2022-04-11 TIS Self-Service user could not log in (migration from previous user pool not working)

Date

Apr 12, 2022

Authors

@john o @Andy Dingley

Status

Done

Summary

User couldn’t log in to TIS Self-Service

Impact

The user was unable to view their submitted Form R

Non-technical Description

TSS user notified TIS that they could not log into the TSS app using their credentials. They had submitted a Form R back in December 2021 and wanted to log in again to view their submitted form.


Trigger

  • User emailed TIS to say they couldn’t login to TIS Self-Service

Detection

Inspecting the user pool configuration, there were several permissions issues:

  • The user pool did not have permission to invoke the lambda

  • The lambda did not have permission to call the admin auth endpoint

  • The lambda did not have permission to call the admin get user endpoint

NOTE: A new user pool (v4) was created for the latest pilot (allowing for self-sign-up). When the user originally logged-in and submitted their Form R, they were a member of user pool v3.


Resolution

  • Resolving the above permissions results in successful lambda completion and migration of a user from prod user pool v3 to v4.


Timeline

  • Apr 11, 2022 10:00 Issue flagged-up in TSS channel. Initial checks/ assumptions user hadn’t signed-up yet so email reply sent to user advising them to sign up.

  • Apr 11, 2022 15:35 Reply flagged up in TSS channel. User had already submitted a Form R and was trying to sign in again using the same credentials.

  • Apr 11, 2022 15:35-16:40 Checks to migration process/ user pool config to try and establish the root cause.

  • Apr 11, 2022 16:45 TSS channel msg asking for email reply to be sent advising user on next steps (try logging in again, sign-up again, or wait for a fix).
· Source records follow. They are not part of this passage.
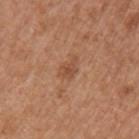* notes: catalogued during a skin exam; not biopsied
* patient: male, aged 63–67
* tile lighting: white-light illumination
* automated lesion analysis: an area of roughly 3.5 mm² and an eccentricity of roughly 0.75; a lesion color around L≈50 a*≈22 b*≈33 in CIELAB and a lesion–skin lightness drop of about 8
* image: ~15 mm tile from a whole-body skin photo
* size: ≈2.5 mm
* body site: the left upper arm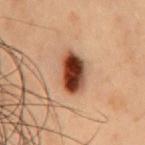Q: What are the patient's age and sex?
A: male, aged 53–57
Q: What did automated image analysis measure?
A: a border-irregularity index near 1.5/10; a classifier nevus-likeness of about 100/100 and a lesion-detection confidence of about 100/100
Q: Illumination type?
A: cross-polarized
Q: Lesion size?
A: ≈5 mm
Q: How was this image acquired?
A: 15 mm crop, total-body photography
Q: Where on the body is the lesion?
A: the chest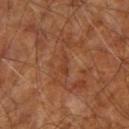The patient is aged around 65. A roughly 15 mm field-of-view crop from a total-body skin photograph. The lesion-visualizer software estimated an average lesion color of about L≈39 a*≈25 b*≈33 (CIELAB). And it measured border irregularity of about 4.5 on a 0–10 scale and a within-lesion color-variation index near 0/10. The software also gave an automated nevus-likeness rating near 0 out of 100 and a lesion-detection confidence of about 65/100. Located on the right upper arm. The lesion's longest dimension is about 2.5 mm.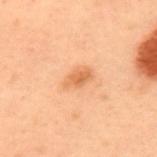<case>
<biopsy_status>not biopsied; imaged during a skin examination</biopsy_status>
<lighting>cross-polarized</lighting>
<image>
  <source>total-body photography crop</source>
  <field_of_view_mm>15</field_of_view_mm>
</image>
<patient>
  <sex>male</sex>
  <age_approx>55</age_approx>
</patient>
<site>upper back</site>
<lesion_size>
  <long_diameter_mm_approx>3.5</long_diameter_mm_approx>
</lesion_size>
<automated_metrics>
  <eccentricity>0.85</eccentricity>
  <cielab_L>54</cielab_L>
  <cielab_a>22</cielab_a>
  <cielab_b>35</cielab_b>
  <vs_skin_contrast_norm>6.5</vs_skin_contrast_norm>
  <border_irregularity_0_10>2.0</border_irregularity_0_10>
  <color_variation_0_10>2.5</color_variation_0_10>
  <nevus_likeness_0_100>80</nevus_likeness_0_100>
  <lesion_detection_confidence_0_100>100</lesion_detection_confidence_0_100>
</automated_metrics>
</case>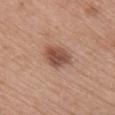Findings:
• biopsy status · total-body-photography surveillance lesion; no biopsy
• lesion diameter · ≈4 mm
• site · the right upper arm
• illumination · white-light
• image source · 15 mm crop, total-body photography
• patient · female, aged 63–67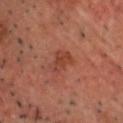Q: Is there a histopathology result?
A: total-body-photography surveillance lesion; no biopsy
Q: Where on the body is the lesion?
A: the head or neck
Q: Lesion size?
A: about 3 mm
Q: How was this image acquired?
A: ~15 mm tile from a whole-body skin photo
Q: Who is the patient?
A: male, about 50 years old
Q: How was the tile lit?
A: cross-polarized
Q: Automated lesion metrics?
A: a mean CIELAB color near L≈31 a*≈21 b*≈23 and a normalized border contrast of about 6; a border-irregularity index near 3/10 and a within-lesion color-variation index near 3/10; a nevus-likeness score of about 15/100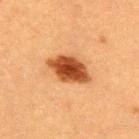follow-up = catalogued during a skin exam; not biopsied | size = about 5 mm | subject = male, in their 50s | TBP lesion metrics = a border-irregularity index near 2/10, a within-lesion color-variation index near 4.5/10, and peripheral color asymmetry of about 1; an automated nevus-likeness rating near 100 out of 100 and a detector confidence of about 100 out of 100 that the crop contains a lesion | image source = total-body-photography crop, ~15 mm field of view | location = the upper back.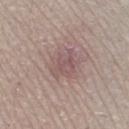{"biopsy_status": "not biopsied; imaged during a skin examination", "lighting": "white-light", "site": "left lower leg", "lesion_size": {"long_diameter_mm_approx": 3.5}, "patient": {"sex": "female", "age_approx": 60}, "image": {"source": "total-body photography crop", "field_of_view_mm": 15}, "automated_metrics": {"cielab_L": 53, "cielab_a": 18, "cielab_b": 18, "vs_skin_darker_L": 7.0, "vs_skin_contrast_norm": 5.5, "border_irregularity_0_10": 3.5, "color_variation_0_10": 2.5, "peripheral_color_asymmetry": 1.0, "nevus_likeness_0_100": 0, "lesion_detection_confidence_0_100": 95}}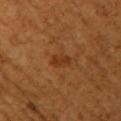Q: Was a biopsy performed?
A: imaged on a skin check; not biopsied
Q: Who is the patient?
A: female, aged 53–57
Q: What is the imaging modality?
A: ~15 mm crop, total-body skin-cancer survey
Q: What did automated image analysis measure?
A: a detector confidence of about 100 out of 100 that the crop contains a lesion
Q: Where on the body is the lesion?
A: the right upper arm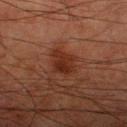Clinical impression: Imaged during a routine full-body skin examination; the lesion was not biopsied and no histopathology is available. Image and clinical context: Measured at roughly 3.5 mm in maximum diameter. On the right thigh. Cropped from a whole-body photographic skin survey; the tile spans about 15 mm. A male subject in their 80s. Captured under cross-polarized illumination.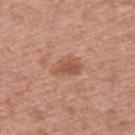A male patient, aged around 60.
A lesion tile, about 15 mm wide, cut from a 3D total-body photograph.
An algorithmic analysis of the crop reported a border-irregularity rating of about 2.5/10 and a color-variation rating of about 2.5/10. And it measured a classifier nevus-likeness of about 65/100.
Captured under white-light illumination.
Located on the upper back.
The recorded lesion diameter is about 3.5 mm.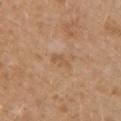Imaged during a routine full-body skin examination; the lesion was not biopsied and no histopathology is available. On the left upper arm. A region of skin cropped from a whole-body photographic capture, roughly 15 mm wide. A female subject approximately 30 years of age.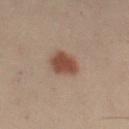Clinical impression:
No biopsy was performed on this lesion — it was imaged during a full skin examination and was not determined to be concerning.
Context:
A female patient, about 30 years old. A roughly 15 mm field-of-view crop from a total-body skin photograph. This is a cross-polarized tile. On the left thigh.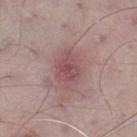The lesion was photographed on a routine skin check and not biopsied; there is no pathology result.
The lesion is on the right thigh.
A male subject aged 68 to 72.
A 15 mm close-up extracted from a 3D total-body photography capture.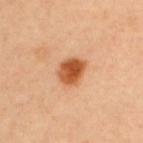| key | value |
|---|---|
| lighting | cross-polarized illumination |
| location | the upper back |
| acquisition | ~15 mm tile from a whole-body skin photo |
| patient | male, aged 43 to 47 |
| image-analysis metrics | a footprint of about 7.5 mm² and an outline eccentricity of about 0.6 (0 = round, 1 = elongated); a border-irregularity index near 1.5/10 and radial color variation of about 1.5; an automated nevus-likeness rating near 100 out of 100 and a lesion-detection confidence of about 100/100 |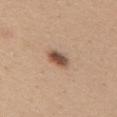The lesion was photographed on a routine skin check and not biopsied; there is no pathology result.
This is a white-light tile.
Automated image analysis of the tile measured an outline eccentricity of about 0.7 (0 = round, 1 = elongated) and a symmetry-axis asymmetry near 0.25. And it measured a mean CIELAB color near L≈51 a*≈19 b*≈28, a lesion–skin lightness drop of about 15, and a normalized border contrast of about 10.5.
On the upper back.
Cropped from a total-body skin-imaging series; the visible field is about 15 mm.
A female patient, about 45 years old.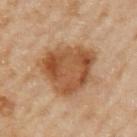* workup — no biopsy performed (imaged during a skin exam)
* imaging modality — total-body-photography crop, ~15 mm field of view
* image-analysis metrics — a lesion color around L≈52 a*≈22 b*≈36 in CIELAB, about 12 CIELAB-L* units darker than the surrounding skin, and a normalized border contrast of about 9; internal color variation of about 5.5 on a 0–10 scale and radial color variation of about 1.5
* subject — female, aged around 60
* location — the left upper arm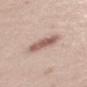notes = imaged on a skin check; not biopsied
subject = male, in their mid-20s
lighting = white-light illumination
lesion size = ~4.5 mm (longest diameter)
body site = the mid back
image source = ~15 mm crop, total-body skin-cancer survey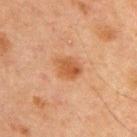Case summary:
– follow-up: no biopsy performed (imaged during a skin exam)
– illumination: cross-polarized
– image-analysis metrics: an area of roughly 6 mm², an outline eccentricity of about 0.65 (0 = round, 1 = elongated), and two-axis asymmetry of about 0.2; a border-irregularity rating of about 2/10 and a peripheral color-asymmetry measure near 1; a classifier nevus-likeness of about 75/100 and a detector confidence of about 100 out of 100 that the crop contains a lesion
– site: the chest
– acquisition: total-body-photography crop, ~15 mm field of view
– lesion diameter: ~3 mm (longest diameter)
– patient: male, in their mid-60s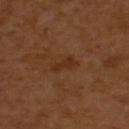| feature | finding |
|---|---|
| notes | imaged on a skin check; not biopsied |
| lesion size | ≈2.5 mm |
| anatomic site | the right upper arm |
| image source | 15 mm crop, total-body photography |
| TBP lesion metrics | a lesion color around L≈31 a*≈20 b*≈32 in CIELAB, a lesion–skin lightness drop of about 6, and a normalized border contrast of about 6.5; a border-irregularity rating of about 3.5/10, a within-lesion color-variation index near 0.5/10, and peripheral color asymmetry of about 0 |
| subject | female, roughly 55 years of age |
| illumination | cross-polarized |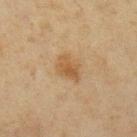Clinical impression: Captured during whole-body skin photography for melanoma surveillance; the lesion was not biopsied.

  • Apr 12, 2022 15:20 TSS channel msg - email from user saying they have successfully signed in.


Root Cause(s)

  • Missing permissions (see above).

    NOTE: When testing, the console login error message “incorrect username or password” (NotAuthorizedException) was not very helpful. (In this case the email and password were correct; the blocker was not having a fake profile in the the prod db which the pre-sign up lambda trigger was looking for). This is unlikely to be an issue for “real” users but might be worth seeing what ways the error msg text can more closely reflect the underlying issue.


Action Items

Action Items

Owner

Action Items

Owner

Ticket to making more helpful Cognito error messages

https://hee-tis.atlassian.net/browse/TIS21-2895

Terraform the permissions required for the TSS user pool migration lambda

https://hee-tis.atlassian.net/browse/TIS21-2896

Dev checklist for testing some common AWS processes (e.g. migration between user pools)

https://hee-tis.atlassian.net/browse/TIS21-2902


Lessons Learned

  • Probably first of its kind of request i.e. user wanting to log in again (via migration between user pools with different configs) to view submitted Form R. This is a good ‘stress test’ !

  • Reminder not to make too many assumptions (with hindsight, more clues were in the first email from user). Maybe a quick call might help to clarify things?

  • Testing the AWS processes with dummy data etc. is a bit fiddly. Maybe draw-up a checklist of things to remember?